Regardless, however, of whether the lease was for five years or ten years, subject to renewal for the same period of five years or ten years, it remains the controlling fact herein that movant has continued — and was allowed to continue — possessing and enjoying the properties leased. In any event, therefore, he must still be deemed a lessee of the said properties, either by express agreement or by implied new lease under Article 1670 of the New Civil Code. For it should be stressed that until now the properties have not been sold to movant. It is precisely the reason of movant in filing the pending action in the lower court, to demand specific performance of the alleged obligation to sell the aforesaid performance of the alleged obligation to sell the aforesaid leased properties to him. It follows, that for movant now to stop depositing payment for rentals on the pretense that he is already occupying the premises "in the concept of owner" would be to improperly assume as true the very point still in litigation. And for the lower court to allow the same would in effect be to render its decision before the trial is over.

Assuming, finally, that movant is right — a point we do not for the present decide — in saying that if the sale in favor of the Reyeses is declared null and void and the Basas are ordered to sell the properties to him, the sale in his favor would retroact to the filing of his suit in the lower court, still until that uncertain eventuality happens, there is so far nothing that retroacts.

As stated in the decision, movant in depositing rentals in court pending the litigation, stated that he was doing it: "to avoid confusion and further complication as to who [between the Reyeses and the Basa spouses] is the proper party who is entitled to the rents." 1 Clearly, therefore, he thereby recognized that, pending the outcome of the suit, he cannot be regarded as owner but only as lessee. Rentals, therefore, must continue to be deposited by him. Never can it be overemphasized that the rentals are not to be given now to any of the parties, but merely deposited in court, to be disposed of in accordance with the final judgment in the main litigation.

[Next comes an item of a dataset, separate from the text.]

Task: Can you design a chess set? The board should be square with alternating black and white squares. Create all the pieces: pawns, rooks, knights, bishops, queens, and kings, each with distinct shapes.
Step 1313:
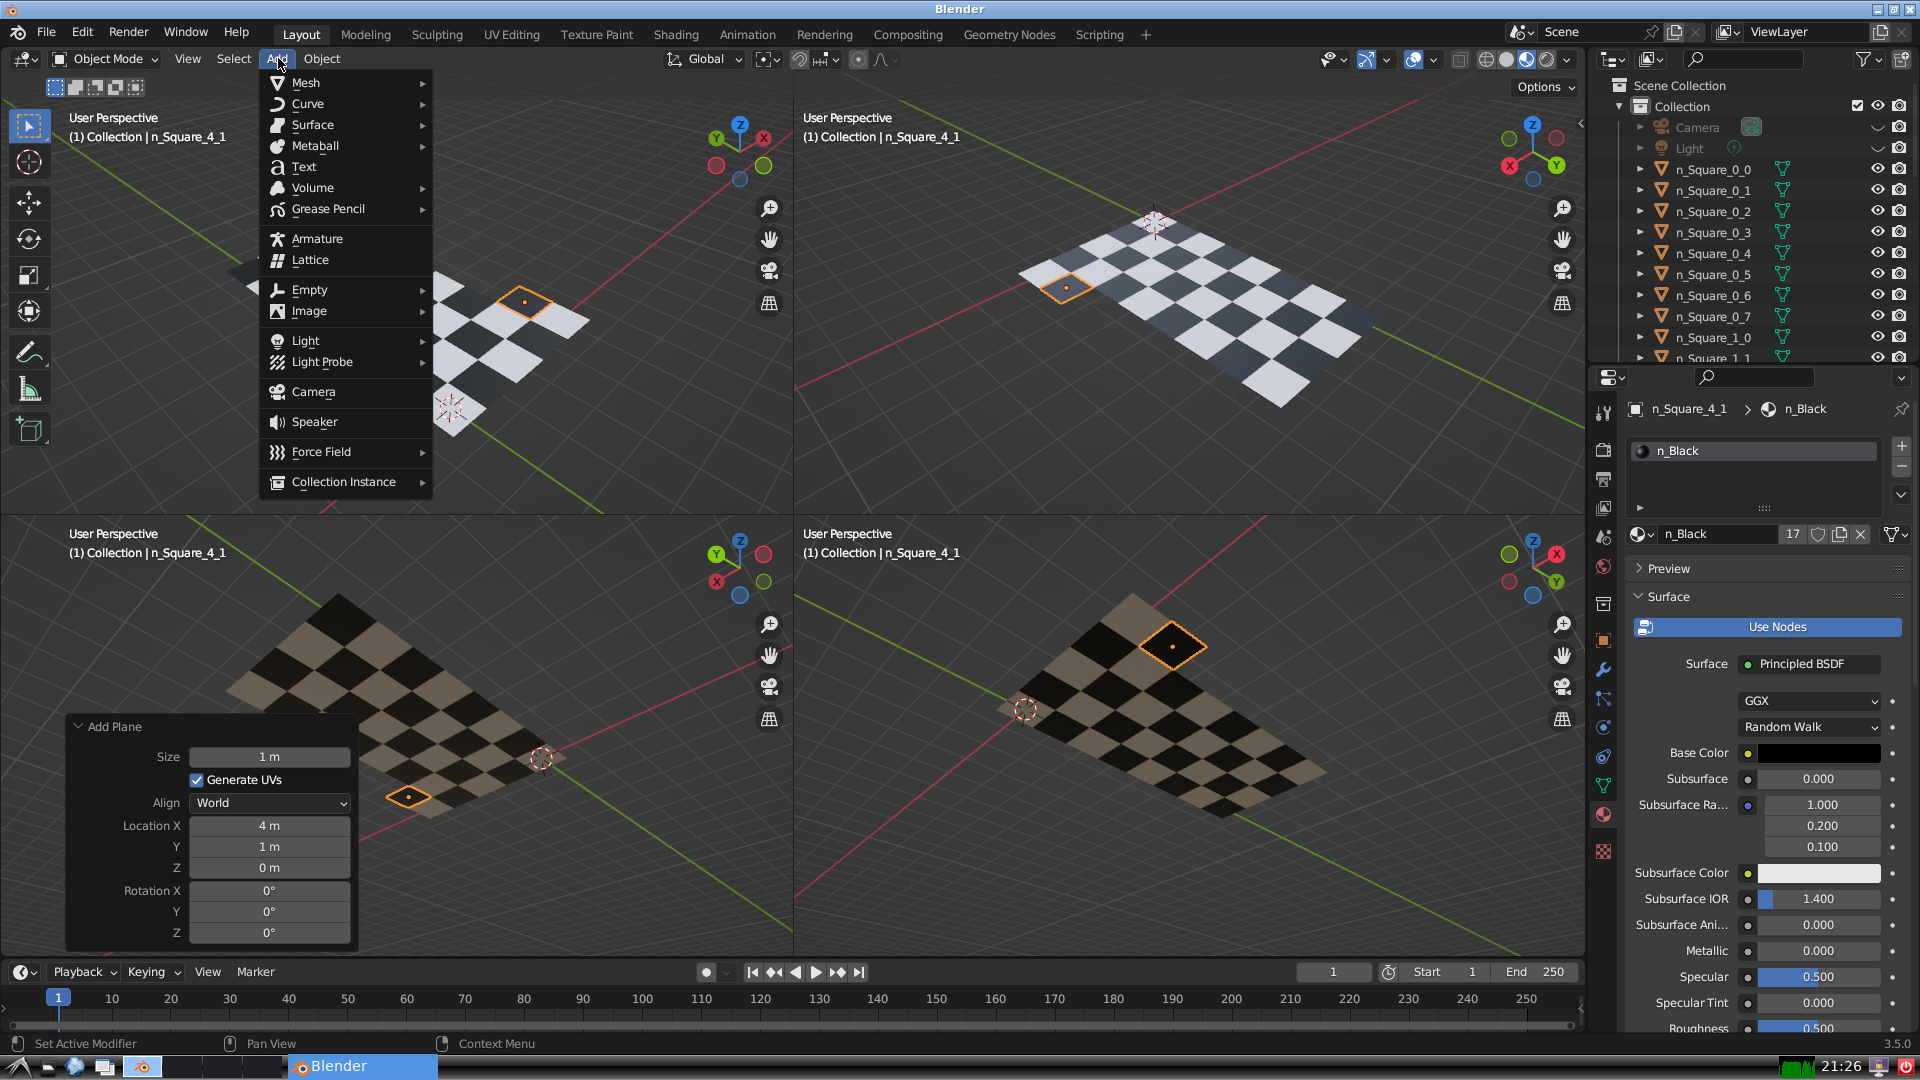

Anent movant’s contention that the Reyeses were guilty of bad faith in purchasing the properties, in view of the annotations of the lease agreement and of the notice of lis pendens referring to his present suit for specific performance, all of which were allegedly recorded at the back of the title certificates at the time the Reyeses bough the properties, suffice it to state that the same has to do with the merits of the litigation pending in the lower court, not with the present incident herein. All that we have to resolve at present is whether movant can stop paying rentals although he continues staying on the properties leased by him and is not yet the owner of said properties. It was because of the obvious injustice in allowing the movant to o so that we referred to Article 19 of the New Civil Code. For such a course repugnant to the cardinal rule of human relations therein stated.

Again, movant raises the argument that appeal and not the present special civil action is petitioners’ remedy. For reasons already given in our decision, appeal, in this instance, is not an adequate remedy.

Wherefore, respondents’ motion for reconsideration is denied for lack of merit. So ordered.

Bengzon, C.J., Bautista Angelo, Concepcion, Reyes, J.B.L., Dizon, Regala, Makalintal, Zaldivar and Sanchez concur.

Barrera, J., took no part.

Endnotes:



1. See Order dated September 25, 1959, Petition, Annex B.